Opinion
No. 88-1438.
Submitted on briefs February 13, 1990. —
Decided April 12, 1990.
APPEAL from a judgment of the circuit court for Rock county: GERALD W. JAECKLE, Judge. Reversed and cause remanded.
For the plaintiffs-appellants the cause was submitted on the briefs of Aiken Mawicke, S.C., by Paul J. Scoptur and Robert L. Jaskulski of Milwaukee.
For the defendants-respondents, Fort Atkinson Memorial Hospital Association and State of Wisconsin Patient Compensation Fund, the cause was submitted on the briefs of Bell, Metzner, Gierhart Moore, S.C., by Patricia A. Dicke of Madison.
For the defendants-respondents, Dr. David Rowe and Janesville Medical Center, the cause was submitted on the briefs of Boardman, Suhr, Curry Field, by Catherine M. Rottier of Madison.
Before Gartzke, P.J., Dykman and Sundby, J.J.
Laura and Nancy Scheunemann appeal from a judgment dismissing their medical malpractice action against Dr. David Rowe, Janesville Medical Center, Fort Atkinson Memorial Hospital Association, and State of Wisconsin Patient Compensation Fund (defendants). The issue is whether the trial court lost competency to exercise its jurisdiction because Scheunemanns did not file a mediation request as required by sec. 655.445, Stats. We conclude the court did not lose competency and we reverse the judgment and remand for further proceedings.
Section 655.445, Stats., provides in relevant part:
(1) [A]ny person . . . having a claim or a derivative claim under this chapter for bodily injury or death because of a tort or breach of contract based on professional services rendered or that should have been rendered by a health care provider shall, within 15 days after the date of filing an action in court, file a request for mediation . . . .

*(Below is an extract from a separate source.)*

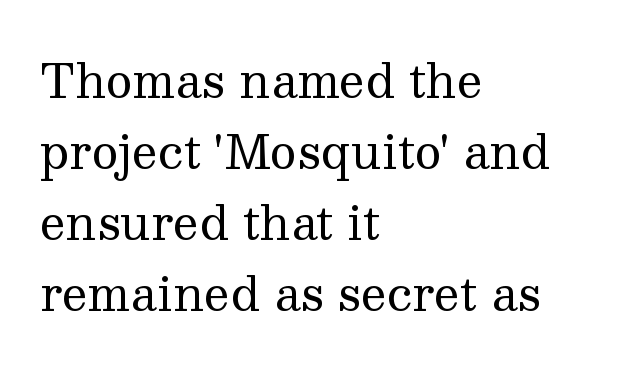
The image shows 46 px regular-weight serif type, upright; set left-aligned, normal line spacing (1.54x), normal letter spacing, not underlined; medium stroke contrast and a medium x-height.
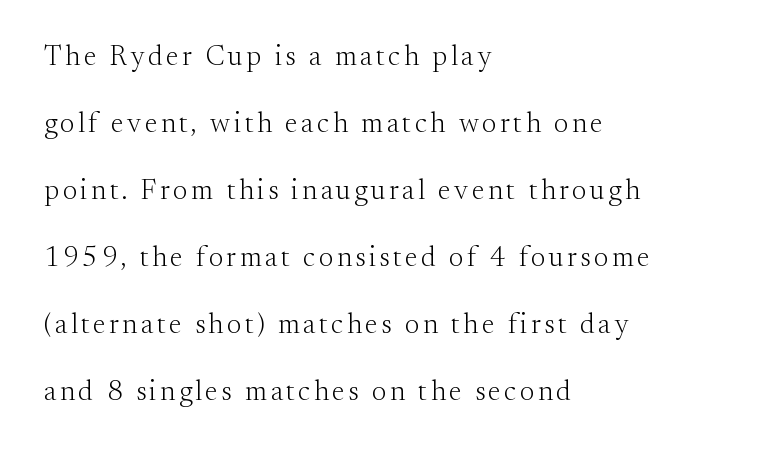
The image shows 28 px light serif type, upright; set left-aligned, loose line spacing (2.39x), not underlined; medium stroke contrast and a small x-height.

(3) For actions filed under sub. (1), no discovery may be made and no trial, pretrial conference or scheduling conference may be held until the expiration of the mediation period under s. 655.465(7).
Scheunemanns filed their complaint on June 26, 1987. On November 3, 1987 and April 13, 1988, defendants moved to dismiss the action for Scheunemanns' failure to file a request for mediation as required by sec. 655.445, Stats. Scheunemanns opposed the motion but did not file the request for mediation. The record on appeal fails to show that they have ever filed a request. The trial court dismissed the action with prejudice. It reasoned that Scheunemanns' failure to participate in mediation, as required by statute, deprived the court of "jurisdiction."
We conclude that the trial court's order must be reversed because the court erroneously interpreted sec. 655.445, Stats. According to Eby v. Kozarek, 153 Wis.2d 75, 77, 450 N.W.2d 249, 250 (1990), "the statutory requirement is mandatory with respect to the requirement to file a request for mediation but directory with respect to the time limitation within which the request is filed." The Eby court continued:
The most probable indication of the consequences attaching to an untimely request for mediation intended by the legislature is found in sec. 655.445(3), Stats., which provides that no discovery may be made and no trial, pretrial conference or scheduling conference may be held until the expiration of the mediation period under sec. 655.465(7). This language supports the court of appeals' conclusion that the failure to timely file for mediation merely postpones the plaintiffs opportunity for relief for the period of time the plaintiff delays filing the mediation request.Id. at 81, 450 N.W.2d at 252 (emphasis added). The Eby court noted that trial courts can protect defendants from dilatory plaintiffs. Id. at 82, 450 N.W.2d at 252. Eby was released after the trial court entered the order on appeal. Eby is nevertheless applicable to this case.
The same principles should apply to a complete failure, as here, to file a mediation request. Scheunemanns' failure to file merely postpones their opportunity for relief. It is Scheunemanns, not the court, who cannot go forward until they file. Accordingly, the trial court never lost competency to proceed with the action.
The trial court's power to proceed is a matter of competency, not subject-matter jurisdiction. Mueller v. Brunn, 105 Wis.2d 171, 176-78, 313 N.W.2d 790, 792-93 (1982).
We therefore reverse the judgment and remand the case to the trial court. Our mandate does not prevent the court from entertaining a motion to dismiss addressed to its discretionary authority "to exercise control over the judicial business before it." Id. By the Court. — Judgment reversed and cause remanded.